Уже поздно вечером, спустившись с крыши, где было заново прибито несколько послабленных ветрами шиферин, уныло громыхавших над головой Евсеича долгими осенними ночами, Женька, моя в рукомойнике руки, вдруг, как что-то вспомнив, повернулся к деду, хлопотавшему у стола над ужином:
–Чуть не забыл, дедуль! Я на прошлой неделе твой сорок четвертый на памятнике видел!
–Да ну-у-у! –тот вполоборота развернулся,– не может такого быть, то ты ошибся, Жень. Их не ста-а-вят, – Евсеич открыл синего цвета шкафчик, с большим цветным портретом Сталина под стеклом дверцы, доставая две стеклянные рюмки, – в основном-то послевоенного покроя «тридцатьчетверки» восемьдесят пятые повсюду стоят. Даже там, где «Шерманы», хе-хе-хе, проходили. Не-не, ошибка!
Женька, вытирая ярким полотенцем руки, вплотную подошел и, заглядывая в выцветшие, под густыми белыми бровями, дедовы глаза, сказал:
–А вот и нет никакой ошибки, дед! Точно такой, как на той фотке, где ты с комкором своим снят. В Жуковке возле школы стоит. Это вот, рядом, по трассе километров шестьдесят будет. Так, на небольшом постаменте…Веночки, цветочки, ну, все, как положено.
–А ну, гляди еще, он? А?! –Евсеич уже, бросив кухарить, достал из глубин сундука потрепанный, красно – бордового цвета, фотоальбом и, раскрыв его на нужной странице, задрожавшим вдруг голосом, пристально вглядываясь в лицо внука, спрашивал, заметно волнуясь, -ты хорошо, давай, гляди, я ведь…Я его, гм, гм…уж сколько годов, после войны так и…н-не видел ни разу, -и дед суетливо смахнул с глаз слезу, быстро отвернувшись, стал сморкаться в платок. Женька, едва взглянув на снимок, поднял глаза и удивленно уставился на старика:
–Ну ты даешь, дедуль…Как будто это не железо, а…живой человек! Я просто тащусь с тебя… Да он же! Ну вот. Он!! Че ж я, слепой совсем, что ли…
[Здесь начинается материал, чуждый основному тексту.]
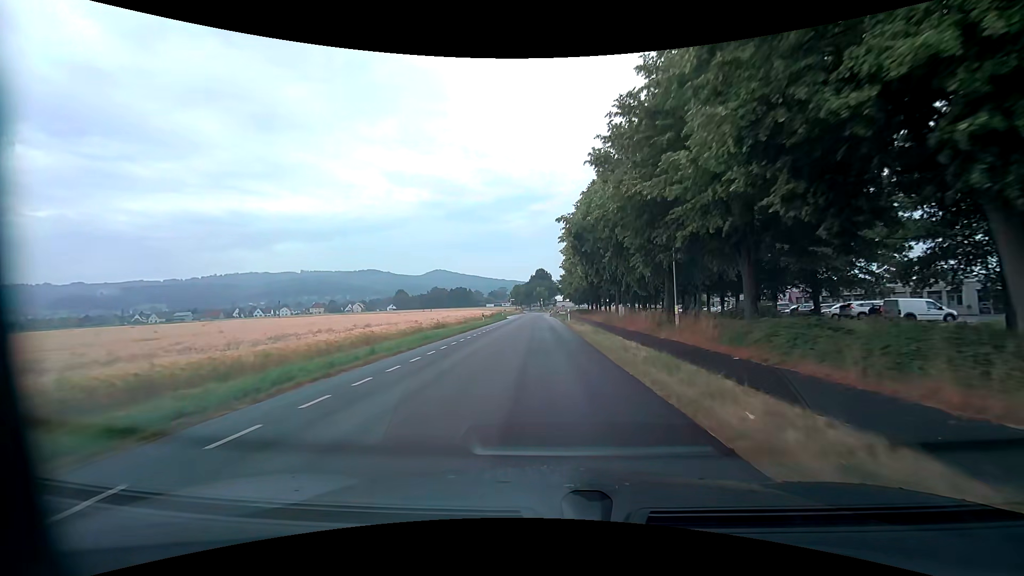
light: Day
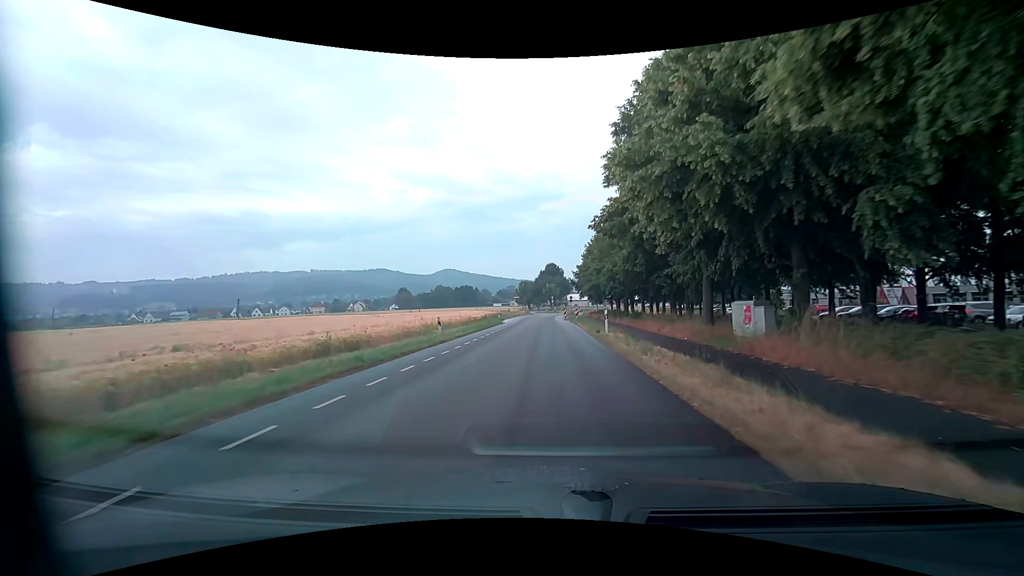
(+0.1, +23.2) m; 0°
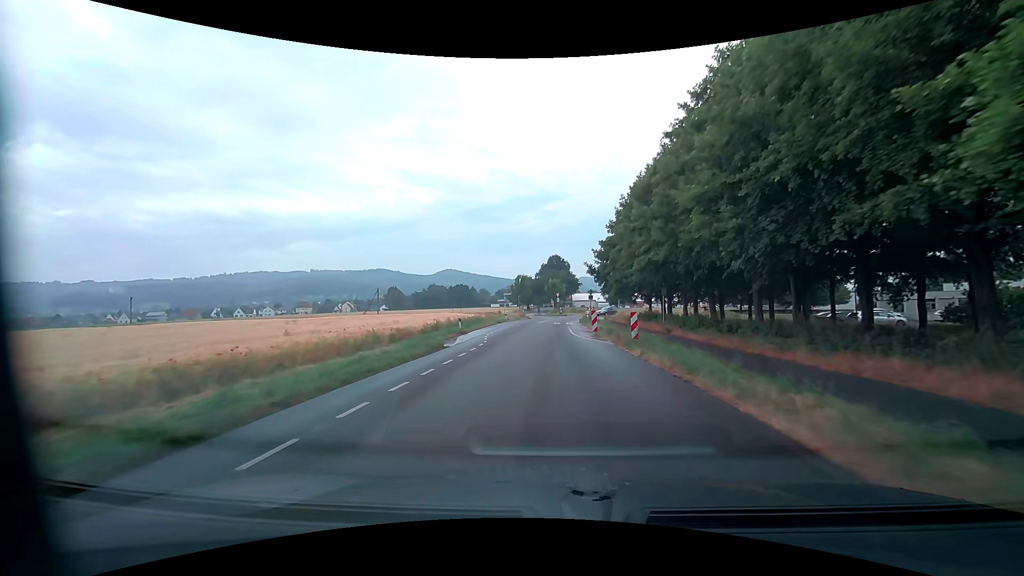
(-0.3, +30.1) m; 0°
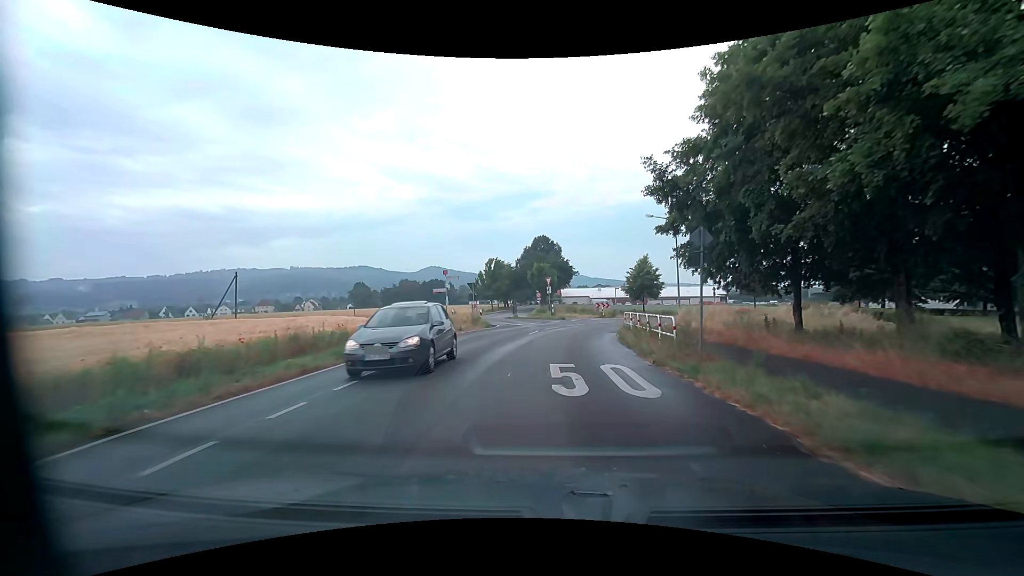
(+0.3, +35.6) m; +1°
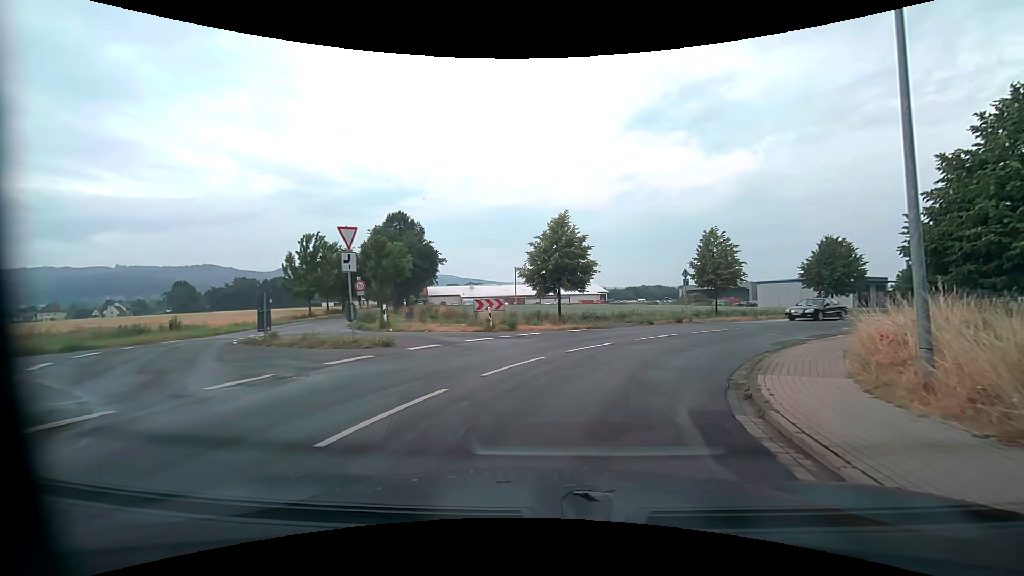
(+2.0, +27.0) m; +15°
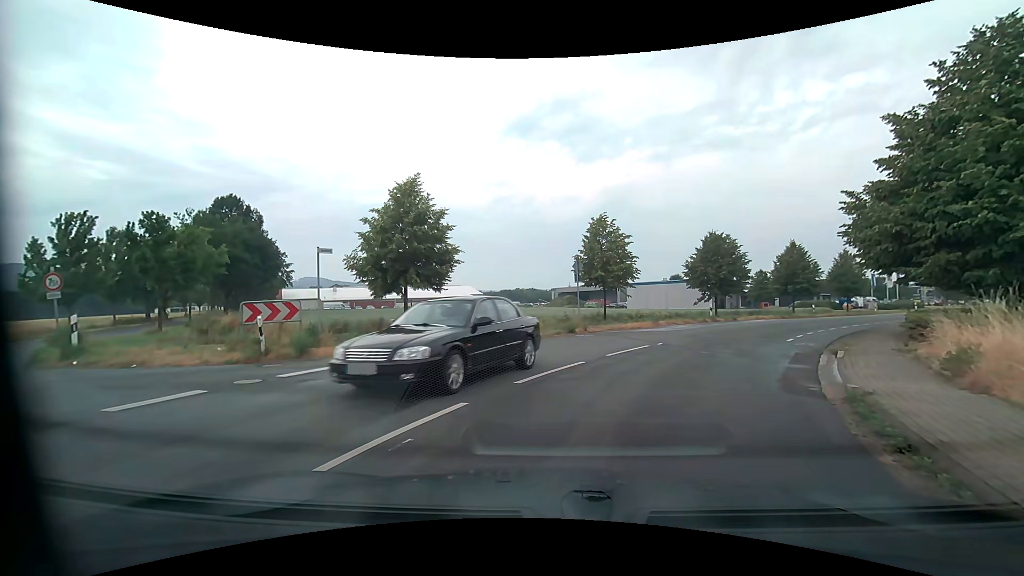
(+1.1, +8.7) m; +15°

–А-а-а… Люк у него впереди, ну, мой, лю-юк механиковский…есть? –все никак не унимается, не скрывая волнения, аж пританцовывает старик,– ну, впереди, на лобовой? Есть?
–Нету там никакого люка, только щели…эти…смотровые.
–Триплекса. Ага-ага…Точно, Жень! Не «тридцатьчетверка» ! А не «Матильда»? Та не, не-не, такого и вовсе быть не может… Во-от, обрадовал-то! Он, едрена вошь!
За ужином Евсеич все места себе не находил. Вроде с внуком беседу ведет, а сам-то куда-то мимо глядит!